許多人的名字在古辛腦袋裏打轉,在蟄伏的時間裏,古辛兢兢業業認認真真地搜集信息,一個個排除之後,又給堅持不懈地在腦內黑名單裏加上新的名字。

生命不息,懷疑不止。

到現在,古辛有兩家特別懷疑的對象。

第一個是晏雙霜的前公司耀星,靠著晏雙霜帶來的巨大流量和收益,從小公司一躍成為中層。按理來說,他們應該死保晏雙霜才對,畢竟她是公司唯一的牌面。在晏雙霜退圈之前,耀星剩下簽約的藝人,不是還在選秀綜藝裏打轉,就是在電視劇裏演著小角色,偶爾有點水花也很快沈寂。

但領導層不僅沒有保護晏雙霜,甚至連封象征性的律師函都沒發,就這樣任由晏雙霜帶著一身的汙水退圈了。

不合理。

第二個就是李黎的團隊。

李黎是個清純長相的Omega,之前的電視劇都沒有什麽水花,但中途靠一部青春電視劇的女主角成功出圈,不少人說她是初戀天花板,沒有哪個人不想在學生時代與她來一場青澀酸甜的戀愛。

古辛抽絲剝繭地發現,李黎的團隊很是強硬,甚至偶爾的行為都淩駕於公司之上,圈內隱有聽聞她幾乎每部劇都是帶資進組,家裏有錢得不得了。

這樣的人,不管合不合適,直接無縫接手了晏雙霜曾經在耀星的資源、地位甚至人脈。

沒點貓膩才是對不起別人的智商。

所以問題來了,李黎和耀星公司,到底哪個才是主謀,哪個才是順水推舟的那個呢?

魚餌已經掛上魚鉤,只等甩桿的那一刻。

古辛是個沒什麽耐性的人,但在捕獵之前,她出奇地靜得下心。

只希望上鉤的那個會是個大魚,不然耽誤她殺魚儆猴。

“卡——!”應露在炎炎烈日下用沙啞的聲音對著屋內大喊。

賀鑫表情一松,直接快步走向導演的小桌子,拿起一瓶礦泉水就猛灌。

應露還在反覆拉著攝像機的進度條,皺著眉頭將剛剛拍過的所有素材都看了一遍。

晏雙霜也很口渴,她走到賀鑫身邊,賀鑫直接會意,將另外一瓶水遞給了她。

鏡頭裏剛剛的兩個主演齊刷刷地站在鏡頭外猛喝水。

化妝組的人只等導演一聲令下,時刻要撲上來給她們補妝。

剛剛的一組鏡頭,晏雙霜她們拍了快十遍,應露換了三四個機位都不滿意,賀鑫看見應露眉心擰得似乎要夾死蚊子,不由得歇下喝水的動作,嘆了口氣。
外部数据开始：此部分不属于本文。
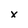
Character: x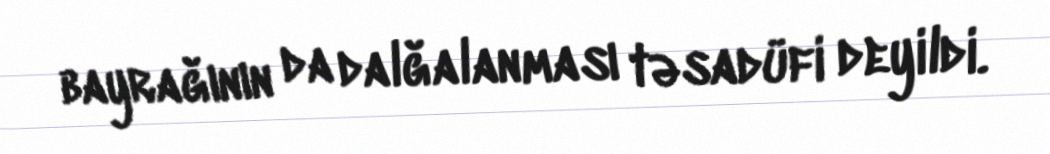
bayrağının da dalğalanması təsadüfi deyildi.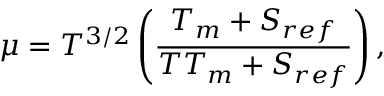
\mu = T ^ { 3 / 2 } \left( \frac { T _ { m } + S _ { r e f } } { T T _ { m } + S _ { r e f } } \right) ,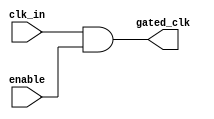
module clock_gating_cell (
    input wire clk_in,       // Global clock input
    input wire enable,       // Enable signal
    output wire gated_clk    // Gated clock output
);

    // Use an AND gate to control the clock signal based on the enable signal
    assign gated_clk = clk_in & enable;

endmodule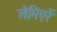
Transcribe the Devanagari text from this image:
लेमिएर्रे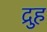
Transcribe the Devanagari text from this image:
द्रुह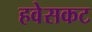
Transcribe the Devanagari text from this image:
हवेसकट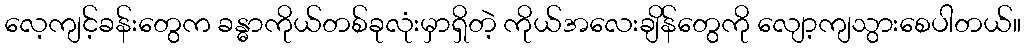
လေ့ကျင့်ခန်းတွေက ခန္ဓာကိုယ်တစ်ခုလုံးမှာရှိတဲ့ ကိုယ်အလေးချိန်တွေကို လျော့ကျသွားစေပါတယ်။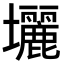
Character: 𡔉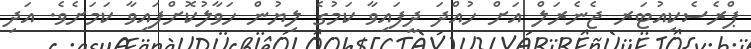
ޕްރެސެކިއުޓަރ ޖެނެރަލް އަށް ހުއްދަ ދީފައިވާ ކަމުގެ ލިޔުން ހަވާލުކޮށްފައިވާ ކަމަށެވެ. އަދި

“看這樣子,今天算是卡在這兒了,不知道待會兒又要拍多少遍。”

晏雙霜的眼神頓時移了過來:“你累了嗎?”

賀鑫站得腿有點痛,她毫無形象地蹲下,又豪邁仰頭猛灌一大口,抹了一把嘴才回:“累啊,當然累。我腦子和感情都快被榨幹了,再不過,我就要申請休息了。”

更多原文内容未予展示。